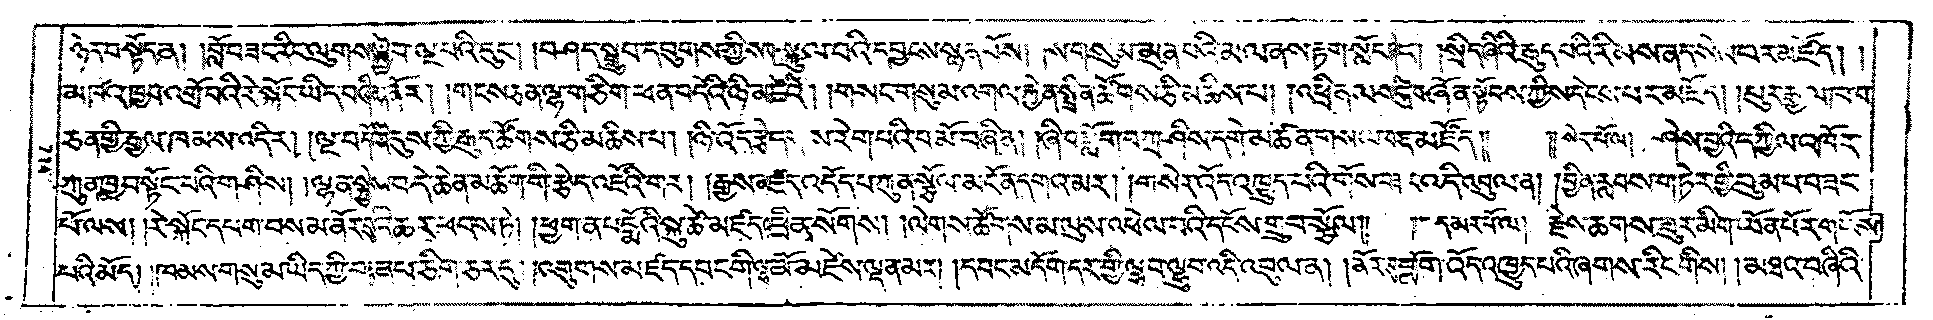ཉེར་བསྟོད་ན། །བློ་བཟང་རིང་ལུགས་སྐྱེ་བ་ལྔ་པའི་དུང་། །བཤད་སྒྲུབ་དབུགས་ཀྱིས་བསྐུལ་བའི་དབྱངས་སྙན་པོས། །ས་གསུམ་མུན་པའི་མལ་ནས་རྟག་སློང་ཞིང་། །སྲིད་ཞིའི་རྒུད་པའི་རིམས་ནད་སེལ་བར་མཛོད། །
མཁའ་ཁྱབ་འགྲོ་བའི་རེ་སྐོང་ཡིད་བཞིན་ནོར། །གངས་ཅན་ལྷ་གཅིག་ཕན་བདེའི་ཉི་མ་ཆེའི། །གསང་གསུམ་འགལ་རྐྱེན་སྤྲིན་ཚོགས་ཅི་མཆིས་པ། །འཕྲིན་ལས་དྲི་བཞོན་སྟོབས་ཀྱིས་དེངས་པར་མཛོད། །པུར་རྒྱལ་ཁ་བ་
ཅན་གྱི་རྒྱལ་ཁམས་འདིར། །ལྔ་བདོའི་དུས་ཀྱི་རྒུད་ཚོགས་ཅི་མཆིས་པ། །ཉི་འོད་རྩེ་དགས་རེག་པའི་བ་མོ་བཞིན། །ཞི་བཟློག་བཀྲ་ཤིས་དགེ་མཚན་གསལ་བར་མཛོད།། །། སེར་པོ་ལ།  ཤེས་བྱའི་དཀྱིལ་འཁོར་
ཀུན་ཁྱབ་སྟོང་པའི་གཤིས། །ལྷན་སྐྱེས་བདེ་ཆེན་མཆོག་གི་རྩེད་འཇོའི་གར། །རྒྱས་མཛད་འདོད་པ་ཀུན་སྩོལ་མངོན་དགའ་མར། །གསེར་འོད་འཁྱུད་པའི་གོས་བཟང་འདི་འགུལ་ན། །བྱིན་རླབས་གཏེར་གྱི་བུམ་པ་བཟང་
པོ་ལས། །རེ་སྐོང་དཔག་བསམ་ནོར་བུའི་ཆར་ཕབས་ཏེ། །ཕྱག་ན་པདམོའི་སྐུ་ཚེ་མཛད་འཕྲིན་སོགས། །ལེགས་ཚོགས་མ་ལུས་འཕེལ་བའི་དངོས་གྲུབ་སྩོལ།། །།༧་དམར་པོ་ལ།  རྗེས་ཆགས་ཟུར་མིག་ཡོན་པོར་གཡོས་
པའི་མོད། །ཁམས་གསུམ་ཡིད་ཀྱི་བརྟན་པ་ཅིག་ཅར་དུ། །འགུགས་མཛད་དབང་གི་ལྷ་མོ་མཛེས་ལྡན་མར། །དབང་མདོག་དར་གྱི་ལྷབ་ལྷུབ་འདི་འབུལ་ན། །ནོར་བུ་གློག་འོད་འཁྱུད་པའི་ཞགས་རིང་གིས། །མཐའ་བཞིའི་

+++

Reproduce the data above exactly, leaving each picture out.

ཉེར་བསྟོད་ན། །བློ་བཟང་རིང་ལུགས་སྐྱེ་བ་ལྔ་པའི་དུང་། །བཤད་སྒྲུབ་དབུགས་ཀྱིས་བསྐུལ་བའི་དབྱངས་སྙན་པོས། །ས་གསུམ་མུན་པའི་མལ་ནས་རྟག་སློང་ཞིང་། །སྲིད་ཞིའི་རྒུད་པའི་རིམས་ནད་སེལ་བར་མཛོད། །
མཁའ་ཁྱབ་འགྲོ་བའི་རེ་སྐོང་ཡིད་བཞིན་ནོར། །གངས་ཅན་ལྷ་གཅིག་ཕན་བདེའི་ཉི་མ་ཆེའི། །གསང་གསུམ་འགལ་རྐྱེན་སྤྲིན་ཚོགས་ཅི་མཆིས་པ། །འཕྲིན་ལས་དྲི་བཞོན་སྟོབས་ཀྱིས་དེངས་པར་མཛོད། །པུར་རྒྱལ་ཁ་བ་
ཅན་གྱི་རྒྱལ་ཁམས་འདིར། །ལྔ་བདོའི་དུས་ཀྱི་རྒུད་ཚོགས་ཅི་མཆིས་པ། །ཉི་འོད་རྩེ་དགས་རེག་པའི་བ་མོ་བཞིན། །ཞི་བཟློག་བཀྲ་ཤིས་དགེ་མཚན་གསལ་བར་མཛོད།། །། སེར་པོ་ལ།  ཤེས་བྱའི་དཀྱིལ་འཁོར་
ཀུན་ཁྱབ་སྟོང་པའི་གཤིས། །ལྷན་སྐྱེས་བདེ་ཆེན་མཆོག་གི་རྩེད་འཇོའི་གར། །རྒྱས་མཛད་འདོད་པ་ཀུན་སྩོལ་མངོན་དགའ་མར། །གསེར་འོད་འཁྱུད་པའི་གོས་བཟང་འདི་འགུལ་ན། །བྱིན་རླབས་གཏེར་གྱི་བུམ་པ་བཟང་
པོ་ལས། །རེ་སྐོང་དཔག་བསམ་ནོར་བུའི་ཆར་ཕབས་ཏེ། །ཕྱག་ན་པདམོའི་སྐུ་ཚེ་མཛད་འཕྲིན་སོགས། །ལེགས་ཚོགས་མ་ལུས་འཕེལ་བའི་དངོས་གྲུབ་སྩོལ།། །།༧་དམར་པོ་ལ།  རྗེས་ཆགས་ཟུར་མིག་ཡོན་པོར་གཡོས་
པའི་མོད། །ཁམས་གསུམ་ཡིད་ཀྱི་བརྟན་པ་ཅིག་ཅར་དུ། །འགུགས་མཛད་དབང་གི་ལྷ་མོ་མཛེས་ལྡན་མར། །དབང་མདོག་དར་གྱི་ལྷབ་ལྷུབ་འདི་འབུལ་ན། །ནོར་བུ་གློག་འོད་འཁྱུད་པའི་ཞགས་རིང་གིས། །མཐའ་བཞིའི་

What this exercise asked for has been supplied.